— WHAT THE TASK ASKS —
In the answer, each line must appear exactly as in the records, and no picture may appear.

— AVAILABLE DATA —
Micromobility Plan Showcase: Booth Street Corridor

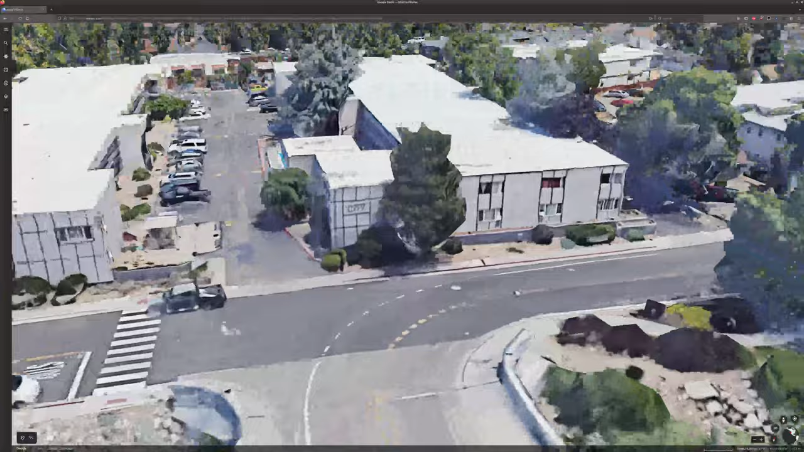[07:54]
there's no signage there's no warning it just kind of dumps out in the middle of a curve
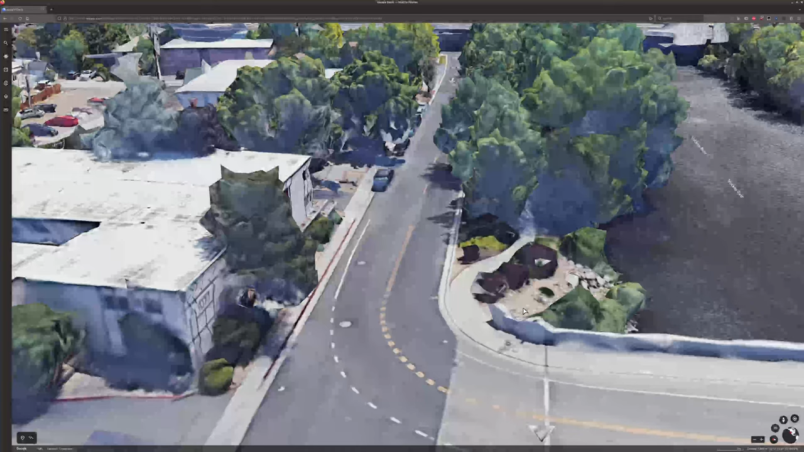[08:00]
and there's another problem here let me go to the to the street view of
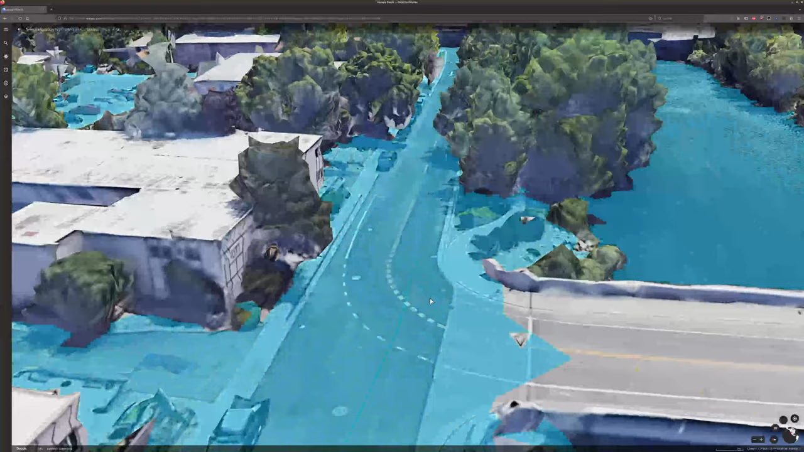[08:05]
this so that way you can see where the uh hopefully you'll be able to see a little bit more um
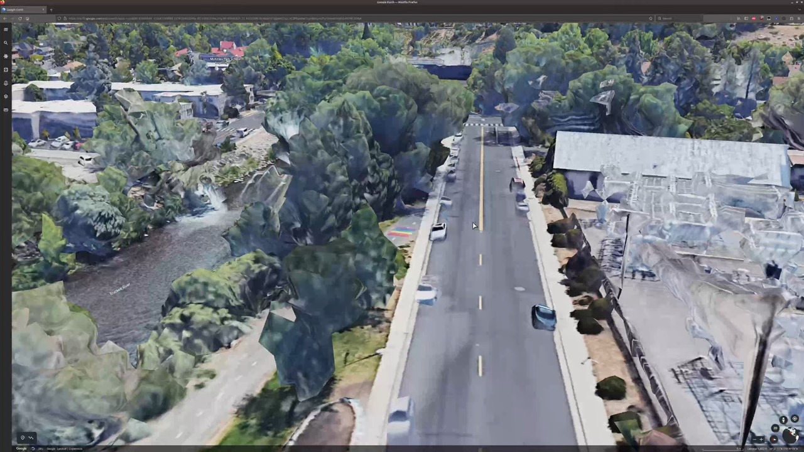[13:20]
uh the actual corridor for cars though is pretty wide we're talking maybe like 12 feet of room which is suitable for something that should be 30 35
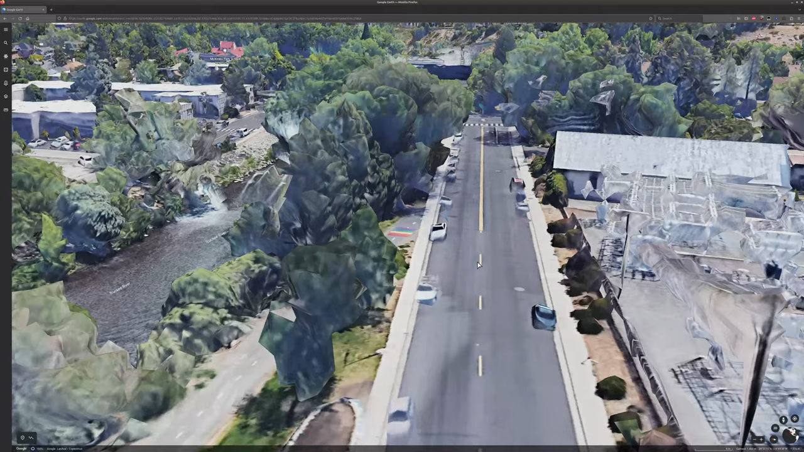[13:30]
40 miles an hour but yet this is a small residential community here and this is
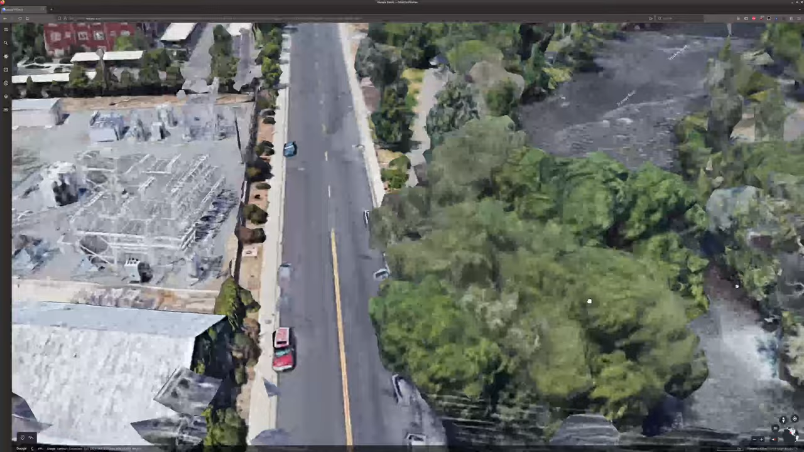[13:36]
also doubled as the truckie uh river path or the tahoe
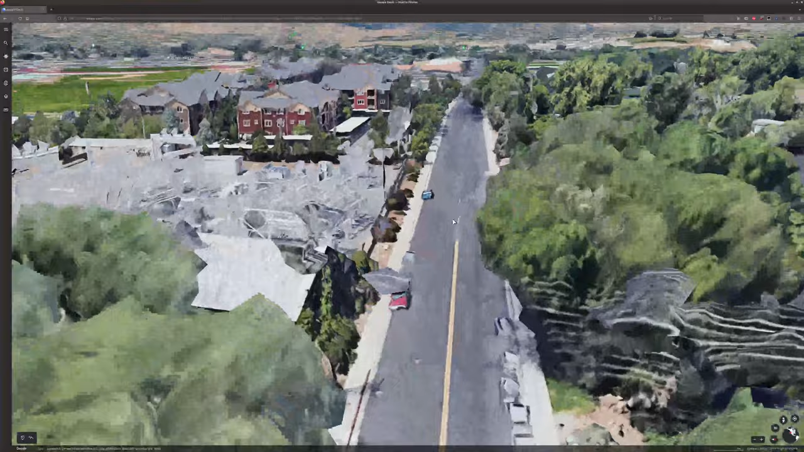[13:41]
pyramid bike trail so this is a bike boulevard and yet it is shaped and
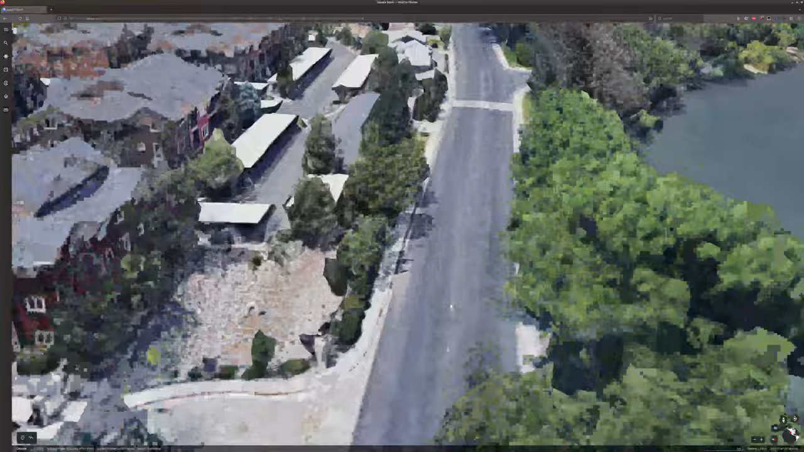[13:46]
paved like it's not safe for car for for bicycles the only speed table that i see here is right here where they have the intersection to
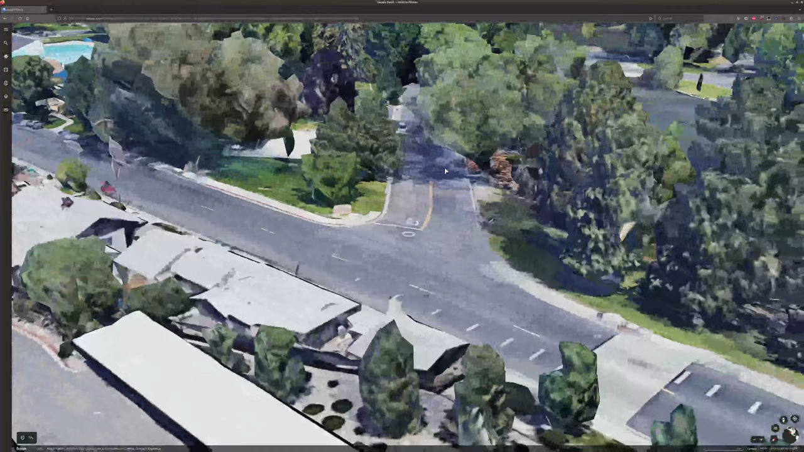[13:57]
go into the the park area and that's it the rest of it is pretty flat so there's not a lot of speed
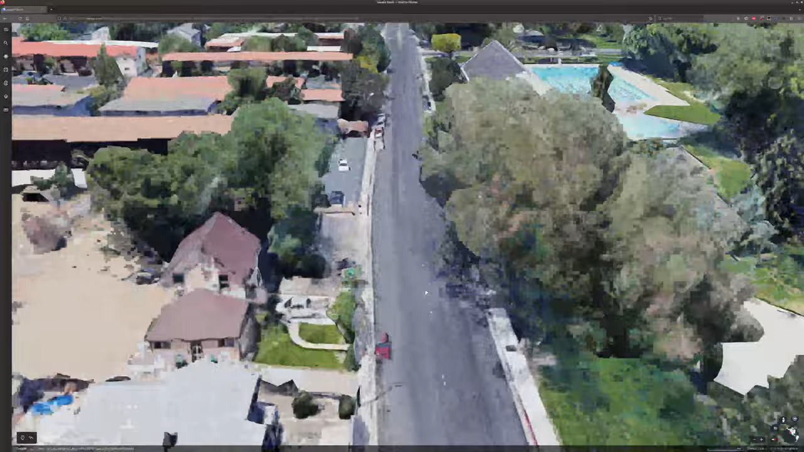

— RESPONSE —
Micromobility Plan Showcase: Booth Street Corridor

[07:54]
there's no signage there's no warning it just kind of dumps out in the middle of a curve
[08:00]
and there's another problem here let me go to the to the street view of
[08:05]
this so that way you can see where the uh hopefully you'll be able to see a little bit more um
[13:20]
uh the actual corridor for cars though is pretty wide we're talking maybe like 12 feet of room which is suitable for something that should be 30 35
[13:30]
40 miles an hour but yet this is a small residential community here and this is
[13:36]
also doubled as the truckie uh river path or the tahoe
[13:41]
pyramid bike trail so this is a bike boulevard and yet it is shaped and
[13:46]
paved like it's not safe for car for for bicycles the only speed table that i see here is right here where they have the intersection to
[13:57]
go into the the park area and that's it the rest of it is pretty flat so there's not a lot of speed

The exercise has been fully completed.